Required work — Find the lines below holding the word "NOTES" and copy each of them.

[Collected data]
┌────────

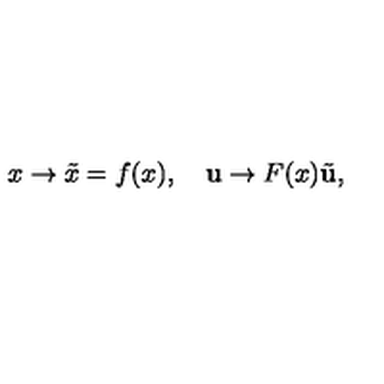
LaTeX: x \to \tilde { x } = f ( x ) , \quad { \bf u } \to F ( x ) \tilde { \bf u } ,
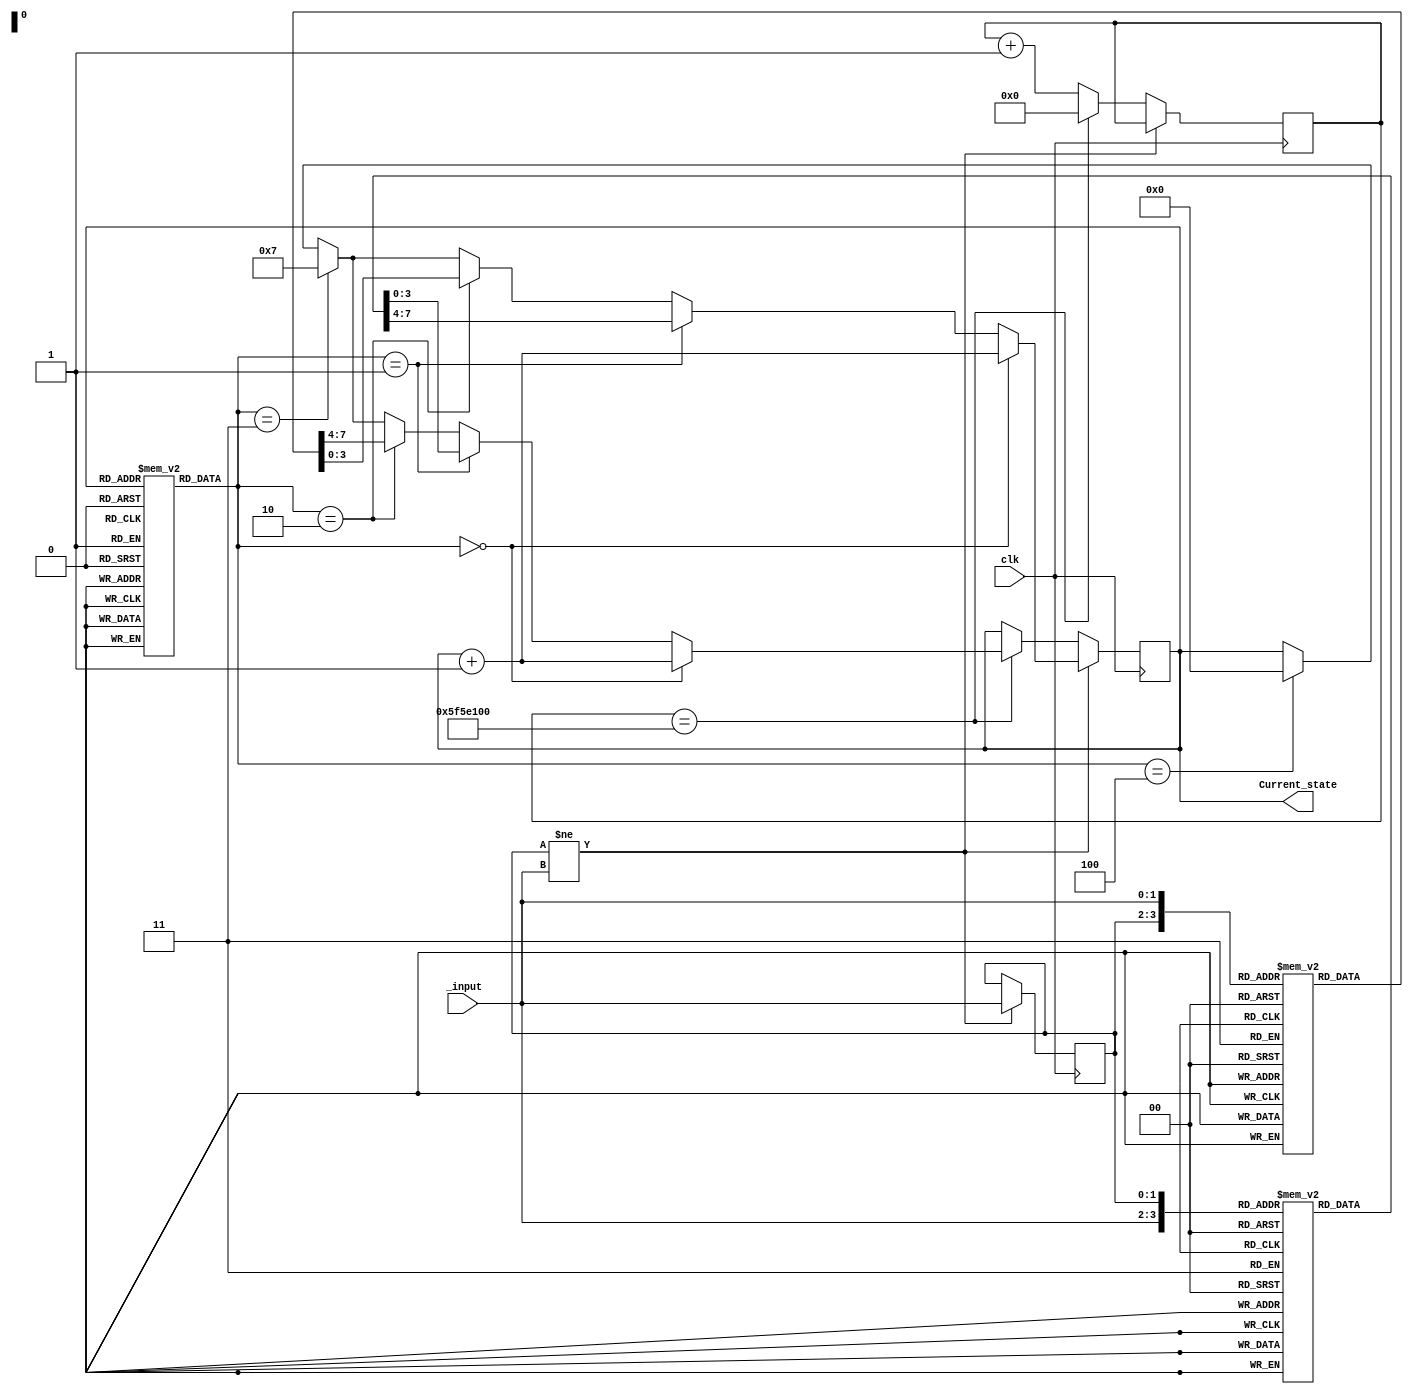
`timescale 1ns / 1ps
//////////////////////////////////////////////////////////////////////////////////
// Company: 
// Engineer: 
// 
// Design Name: 
// Module Name:    Finite_state_machine 
// Project Name: 
// Target Devices: 
// Tool versions: 
// Description: 
//
// Dependencies: 
//
// Revision: 
// Revision 0.01 - File Created
// Additional Comments: 
//
//////////////////////////////////////////////////////////////////////////////////
module Finite_state_machine(
    _input , clk, Current_state
    );
 input clk;
 input[1:0] _input;

 output reg [3:0] Current_state=4'b0;
 reg[2:0] microcode[0:12];
 reg[3:0] dispatch_rom1[0:3];
 reg[3:0] dispatch_rom2[0:3];
 reg[30:0] count = 30'b0;
 reg[1:0] prev_input;
 
 wire [2:0] control_signal;

 initial begin
 microcode[0] = 3'b0;
 microcode[1] = 3'b0;
 microcode[2] = 3'b0;
 microcode[3] = 3'b001;
 microcode[4] = 3'b011;
 microcode[5] = 3'b011;
 microcode[6] = 3'b0;
 microcode[7] = 3'b0;
 microcode[8] = 3'b0;
 microcode[9] = 3'b0;
 microcode[10] = 3'b010;
 microcode[11] = 3'b100;
 microcode[12] = 3'b100;
 dispatch_rom1[0] = 4'b0100;
 dispatch_rom1[1] = 4'b0101;
 dispatch_rom1[2] = 4'b0110;
 dispatch_rom1[3] = 4'b0110;
 dispatch_rom2[0] = 4'b1011;
 dispatch_rom2[1] = 4'b1100;
 dispatch_rom2[2] = 4'b1100;
 dispatch_rom2[3] = 4'b1100;
 prev_input = 4'b0000;
 end
 
 assign control_signal= microcode[Current_state];
 
 always@(posedge clk) begin
 
 if(prev_input != _input) begin
 
 if(control_signal==0) begin
 Current_state <=   Current_state+1;
 end

 else if(control_signal==1) begin
 Current_state <=dispatch_rom1[_input];
 end
 
 else if(control_signal==2) begin
 Current_state <= dispatch_rom2[_input];
 end
 
 else if(control_signal==3) begin
           Current_state <=  4'b0111;
 end
 
 else if( control_signal==4) begin
 Current_state <=4'b0;
 end
 
 prev_input <= _input;
end
 
 else begin
if(count == 100000000) begin

 if(control_signal==0) begin
 Current_state <=  Current_state+1;
 end

 else if(control_signal==1) begin
 Current_state <=dispatch_rom1[prev_input];
 end
 
 else if(control_signal==2) begin
 Current_state <= dispatch_rom2[prev_input];
 end
 
 else if(control_signal==3) begin
           Current_state <=  4'b0111;
 end
 
 else if( control_signal==4) begin
 Current_state <=4'b0;
 end
 
 count <= 0;
end
 
 else
 begin
 count <= count+1;
 end
 
 end
 end
 
endmodule
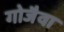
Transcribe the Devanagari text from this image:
गोजैवा
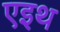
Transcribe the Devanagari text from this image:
एइथ
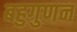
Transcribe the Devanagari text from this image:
बहुगुणन
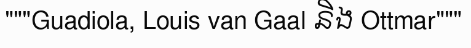
"""Guadiola, Louis van Gaal និង Ottmar"""
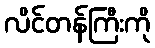
လိင်တန်ကြီးကို
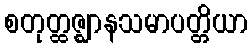
စတုတ္ထဇ္ဈာနသမာပတ္တိယာ
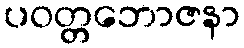
ပဝတ္တဘောဇနာ
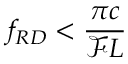
f _ { R D } < \frac { \pi c } { \mathcal { F } L }
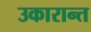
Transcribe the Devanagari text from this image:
उकारान्त
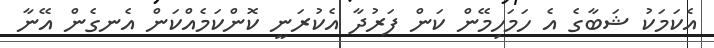
އެކަމަކު ޝަބާގެ އެ ހަމަހިމޭން ކަން ފަރުދާ އެކުރަނީ ކޮންކަމެއްކަން އެނގެން އޭނާ
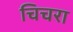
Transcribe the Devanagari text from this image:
चिचरा
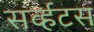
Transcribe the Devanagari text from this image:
सर्व्हटस
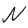
Character: N
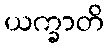
ယက္ခာတိ
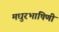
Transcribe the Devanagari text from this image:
मधुरभाषिणी
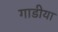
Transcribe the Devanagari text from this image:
गाडीया
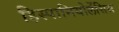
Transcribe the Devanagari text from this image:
हिस्पानियोलेंसिस
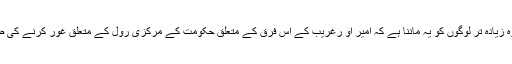
اس کے علاوہ زیادہ تر لوگوں کو یہ ماننا ہے کہ امیر او رغریب کے اس فرق کے متعلق حکومت کے مرکزی رول کے متعلق غور کرنے کی ضرورت ہے۔
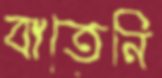
বাতেনি
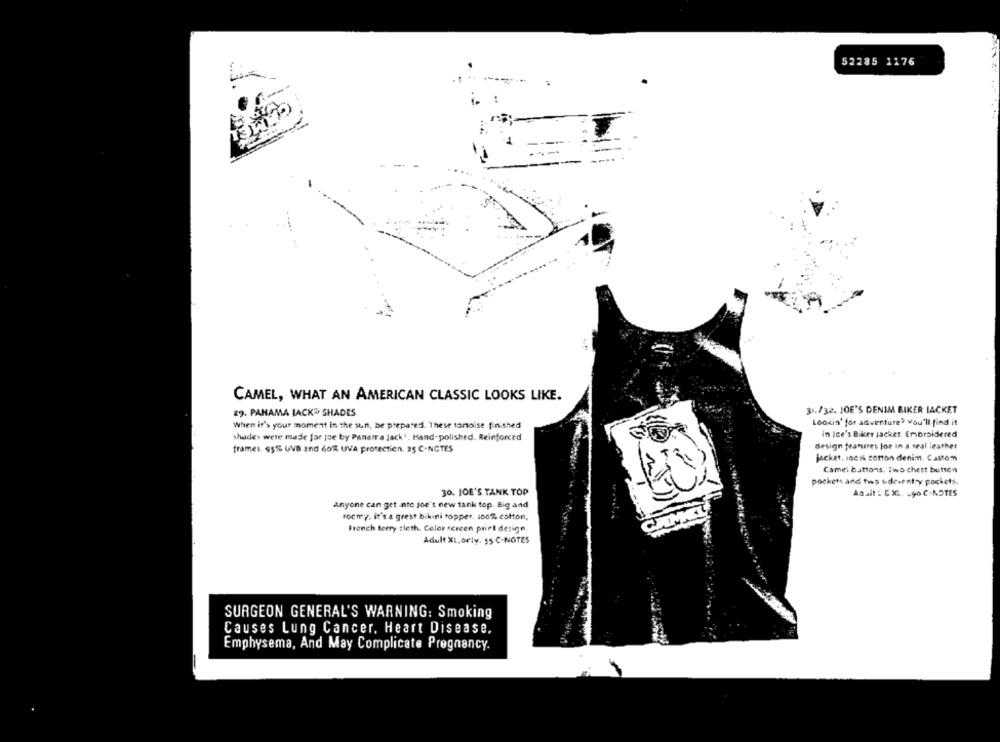
52285 1176
CAMEL, WHAT AN AMERICAN CLASSIC LOOKS LIKE.
29. PANAMA LACKD SHADES
31./32. JOE'S DENIM BIKER JACKET
Lookin' for adventure> you'll find it
When it's your moment in the sun, be prepared. These tonoise finished
shades were made for joe by Panama Jack". Hand-polished. Reinforced
in Ice's Biker jacket. Embroidered
design features lor in a real leather
frames. 95% UVB and 60% UVA protection. 25 C-NCTES
jacket. ioes serton denim. Cattomm
Came: battons. Two chest button
pockets and tws side-r ntry pockets,
30. JOE'S TANK TOP
Asalt : & XL. 490 C-NOTES
Anyone can get into joe's new tank top. Big and
rocmy. it's a grest bikini ropper, 100% cotton,
French ferry tleth. Color screen print design.
Adult XL,orly. 55 ℃-NOTES
SURGEON GENERAL'S WARNING: Smoking
Causes Lung Cancer, Heart Disease.
Emphysema, And May Complicate Pregnancy.
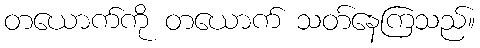
တယောက်ကို တယောက် သတ်နေကြသည်။

└────────

Expected output —
Asalt : & XL. 490 C-NOTES
Adult XL,orly. 55 ℃-NOTES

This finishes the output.